→ **Problem to solve**
Count every line in this listing that has "data". Reply with only the total.

→ **Excerpted records**
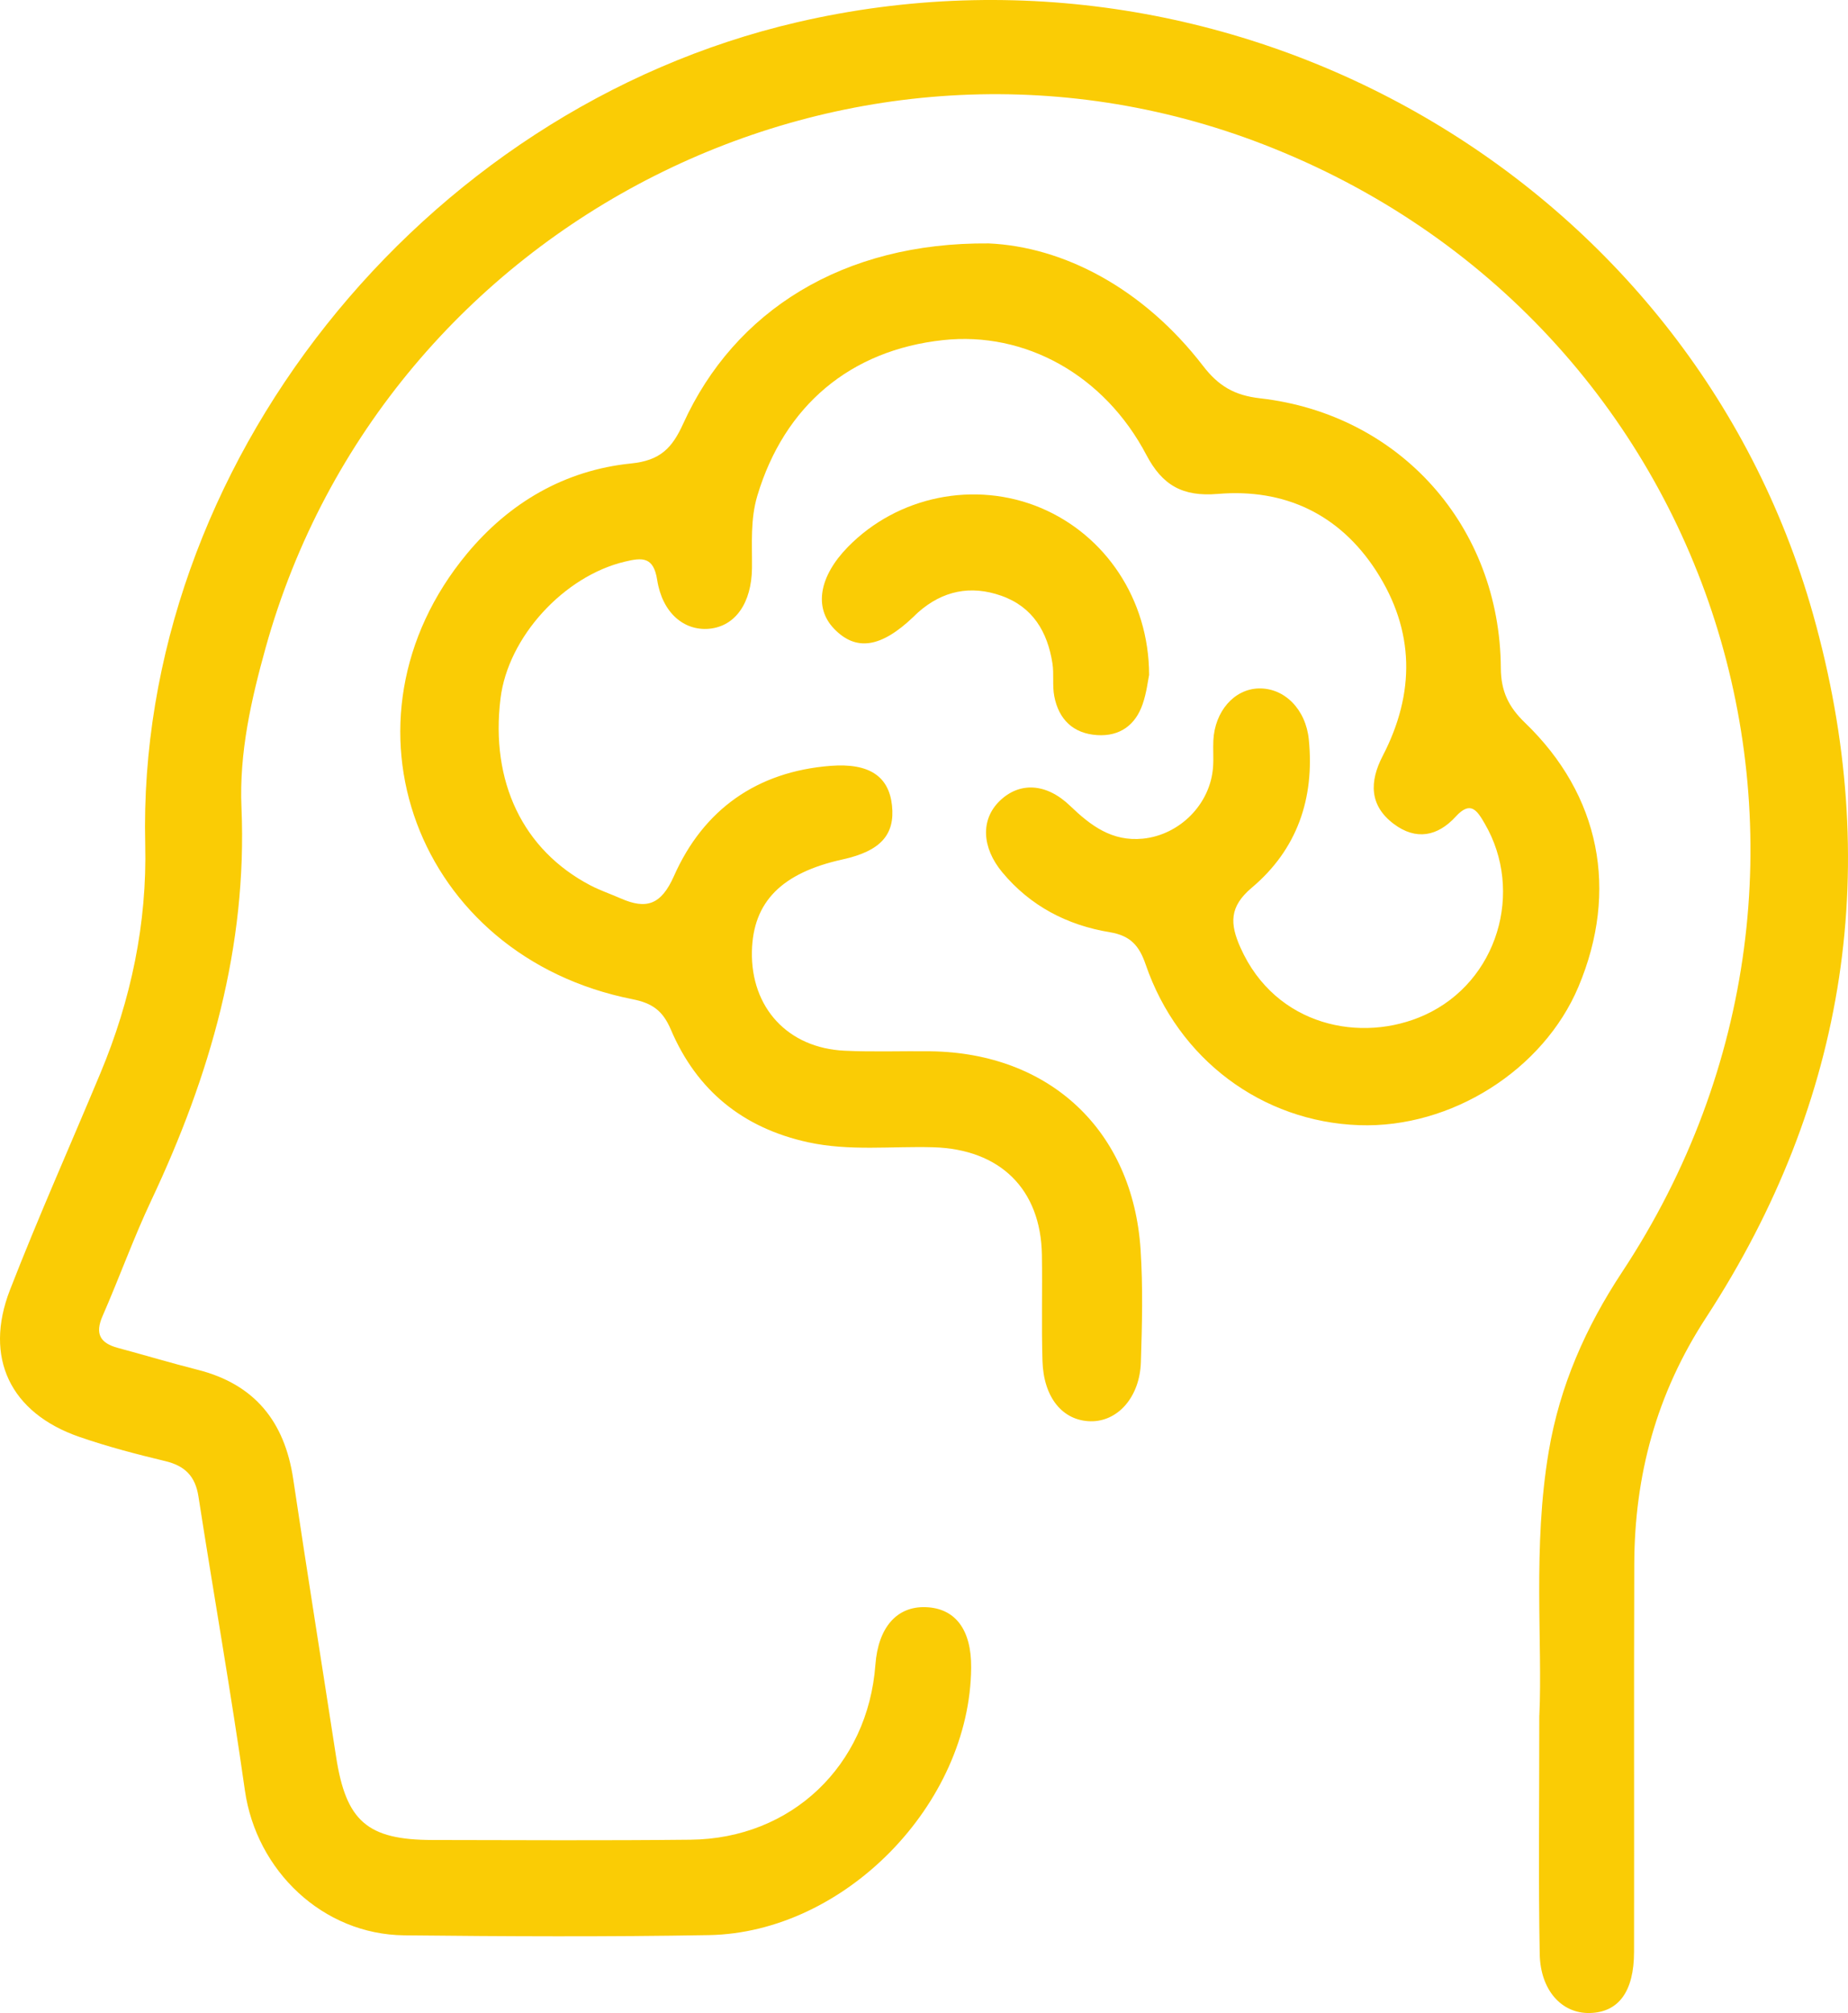 <?xml version="1.0" encoding="UTF-8"?>
<svg id="Layer_2" data-name="Layer 2" xmlns="http://www.w3.org/2000/svg" viewBox="0 0 258.6 281.68">
  <defs>
    <style>
      .cls-1 {
        fill: #facc05;
      }
    </style>
  </defs>
  <g id="Layer_1-2" data-name="Layer 1">
    <g>
      <path class="cls-1" d="M215.41,240c.46-10.09-.95-23.52,1.31-36.9,1.55-9.21,5.19-17.41,10.25-25.08,37.78-57.21,13.66-133.11-50.19-157.82C119.12-2.12,53.84,30.77,37.17,90.64c-2.02,7.27-3.71,14.69-3.38,22.36,.83,19.47-4.4,37.53-12.61,54.94-2.5,5.3-4.48,10.84-6.83,16.21-1.09,2.49-.33,3.78,2.13,4.45,3.72,1,7.42,2.11,11.16,3.06,8,2.02,12.19,7.25,13.39,15.28,1.93,12.96,4.01,25.91,6,38.86,1.39,9.03,4.36,11.64,13.48,11.66,12.05,.02,24.09,.09,36.13-.04,14.12-.15,24.81-10.36,25.86-24.49,.39-5.21,2.99-8.19,7.03-8.05,4.15,.14,6.42,3.15,6.37,8.48-.16,19.05-17.68,37.07-36.71,37.41-14.2,.25-28.41,.18-42.62,.03-11.39-.12-20.7-9.03-22.3-20.28-1.95-13.74-4.37-27.42-6.5-41.13-.44-2.84-1.89-4.29-4.66-4.95-4.05-.97-8.09-2.03-12.02-3.39-9.62-3.33-13.39-11.06-9.69-20.57,3.97-10.21,8.44-20.22,12.66-30.34,4.28-10.25,6.53-20.95,6.26-32.03C19.06,65.46,58.76,15.37,111.56,3.11c61.67-14.32,125.04,22.08,142.15,82.84,9.82,34.87,4.86,67.99-14.97,98.41-6.96,10.68-10.01,22.08-10.05,34.53-.06,18.07,0,36.14-.03,54.2,0,5.58-2.16,8.49-6.21,8.58-3.87,.09-6.89-3.13-6.99-8.25-.19-10.03-.06-20.07-.06-33.42Z"/>
      <path class="cls-1" d="M138.37,34.06c10.41,.47,21.59,6.24,29.98,17.14,2.15,2.8,4.38,4.12,7.96,4.53,19.62,2.23,33.6,17.95,33.71,37.77,.02,3.23,1.09,5.43,3.38,7.63,10.53,10.13,13.14,23.49,7.48,36.94-4.91,11.66-17.82,19.82-30.68,19.37-13.58-.47-25.33-9.21-29.88-22.48-.9-2.62-2.11-4.04-5.02-4.52-5.94-.98-11.11-3.65-15.05-8.39-2.88-3.47-3.04-7.38-.36-9.98,2.77-2.69,6.52-2.53,9.87,.7,2.88,2.77,5.85,5,10.15,4.58,5.17-.51,9.48-4.83,9.84-10.04,.09-1.23-.02-2.47,.04-3.7,.2-4.07,2.9-7.17,6.31-7.28,3.64-.11,6.63,2.92,7.05,7.15,.82,8.25-1.64,15.39-7.98,20.73-3.17,2.67-3.08,5.05-1.57,8.42,4.91,10.98,16.93,13.42,25.78,9.39,10.22-4.66,13.91-17.3,8.39-26.77-1.06-1.83-1.97-3.28-4.06-.99-2.54,2.78-5.57,3.36-8.67,1.03-3.44-2.58-3.41-5.93-1.56-9.5,4.57-8.81,4.51-17.54-.91-25.92-5.16-7.96-12.85-11.54-22.14-10.76-4.96,.42-7.78-1.22-10.01-5.45-5.88-11.19-16.97-17.32-28.46-16.07-12.96,1.4-22.2,9.17-25.98,21.77-1,3.34-.72,6.73-.75,10.11-.05,4.91-2.34,8.18-6.01,8.51-3.52,.31-6.55-2.24-7.26-6.85-.51-3.25-2.08-3.13-4.53-2.54-8.53,2.03-16.34,10.55-17.39,19.14-1.43,11.66,3.13,21.2,12.57,26.15,1.36,.71,2.84,1.21,4.25,1.83,3.6,1.58,5.66,.9,7.45-3.13,4.13-9.32,11.63-14.62,21.92-15.42,5.44-.42,8.15,1.49,8.59,5.52,.45,4.13-1.62,6.41-6.89,7.57-8.55,1.88-12.56,5.94-12.71,12.87-.16,7.88,5.03,13.53,12.97,13.9,4.01,.19,8.03,.03,12.04,.08,16.69,.23,28.29,11.09,29.38,27.76,.34,5.23,.21,10.5,.04,15.75-.16,4.89-3.24,8.32-7.03,8.26-3.91-.07-6.59-3.3-6.74-8.45-.15-4.94,0-9.88-.08-14.83-.15-9.22-5.86-14.78-15.18-15.06-5.85-.17-11.72,.57-17.54-.7-9.13-2-15.58-7.25-19.21-15.78-1.11-2.6-2.56-3.68-5.33-4.23-30.29-5.98-42.57-38.97-23.2-62.34,5.94-7.16,13.7-11.69,22.97-12.63,4.07-.41,5.74-2.14,7.29-5.56,7.17-15.8,22.37-25.41,42.77-25.23Z"/>
      <path class="cls-1" d="M160.81,94.39c-.17,.82-.36,2.53-.91,4.12-1.01,2.96-3.21,4.55-6.36,4.35-3.35-.21-5.39-2.19-6.01-5.44-.29-1.5-.02-3.1-.26-4.61-.69-4.4-2.74-7.89-7.15-9.45-4.29-1.51-8.21-.71-11.64,2.32-.23,.2-.44,.43-.67,.64-4.54,4.33-8.04,4.85-11.11,1.64-2.82-2.94-2.08-7.31,1.95-11.43,6.97-7.12,17.77-9.32,26.95-5.48,9.07,3.8,15.17,12.81,15.2,23.35Z"/>
    </g>
  </g>
</svg>

→ **Expected answer**
2